Public response to the proposed extension has been mixed. The city's civic associations have begun to draw battle lines, with public statements for and against the city manager.
The Cambridge Civic Association, the city's liberal political group, has charged Healy with ethical impropriety.
R. Philip Dowds, the association president, said last week that the state Ethics Commission had failed to fully investigate a real estate Joan Healy took out with City Solicitor Russell Higley in the mid-1980s.
Although an august report from a commission investigator cleared both men of any wrongdoing, the issue was raised again at last night's council meeting.
Opponents of rent control were angered by a contingency plan Healy issued last week in the event that rent control is abolished by a state referendum November 8.
"He has gone completely over the edge.
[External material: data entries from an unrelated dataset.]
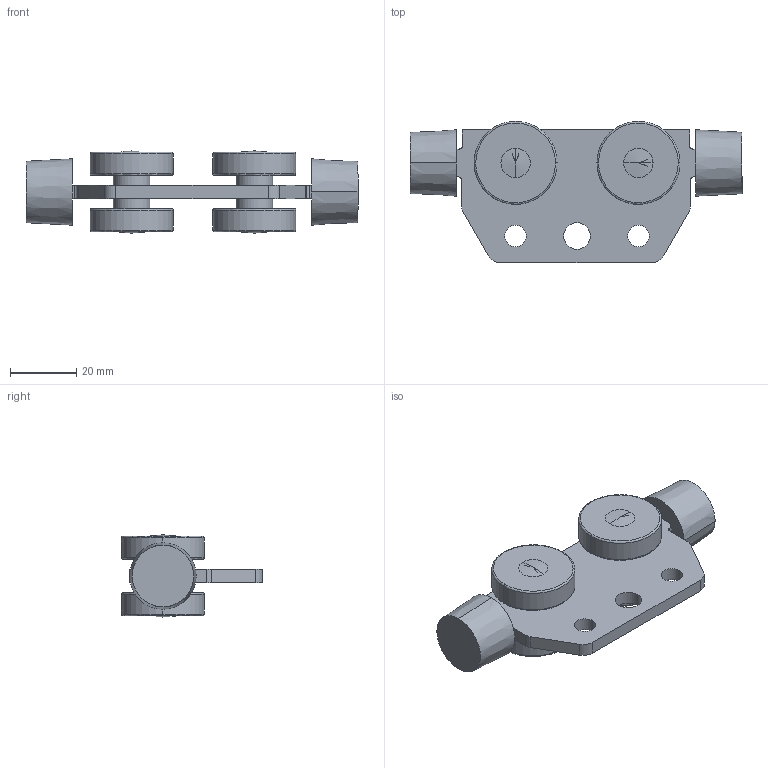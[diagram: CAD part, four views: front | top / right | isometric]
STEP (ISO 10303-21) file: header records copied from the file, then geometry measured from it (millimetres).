
FILE_DESCRIPTION (( 'STEP AP214' ), '1' );
FILE_NAME ('0020559.step', '2023-02-17T13:38:13', ( '' ), ( '' ), 'SwSTEP 2.0', 'SolidWorks 2020', '' );
FILE_SCHEMA (( 'AUTOMOTIVE_DESIGN' ));
Length unit declared in the file: millimetre
Products named in the file (1): 0020559
Bounding box: 100 x 42.5 x 24.8 mm (x, y, z)
Volume: 32905.7 mm3; surface area: 16321.7 mm2
Topology: 1 solids, 3 shells, 132 faces, 326 edges, 204 vertices
Faces by surface type: cylinder 54, plane 34, cone 28, bspline 16
Entity records: 5596 total; most frequent: CARTESIAN_POINT 1015, DIRECTION 680, ORIENTED_EDGE 636, EDGE_CURVE 318, AXIS2_PLACEMENT_3D 277, VERTEX_POINT 204, CIRCLE 160, EDGE_LOOP 156

He'll do anything to keep his job," said Barbara Pilgrim, a Cambridge resident.
But groups ranging from Harvard to the Cambridge Chambers of Commerce endorsed Healy last week.
He has done an excellent job in maintaining quality of life concerns, as well as maintaining fiscal solvency for Cambridge," Helena G. Rees, the Chamber's public-affairs director, told the council last night.
Robert Boulrice, president of the Central Square Neighborhood Coalition, said Healy "has demonstrated his concern and support for the people living and working in the Central Square neighborhoods."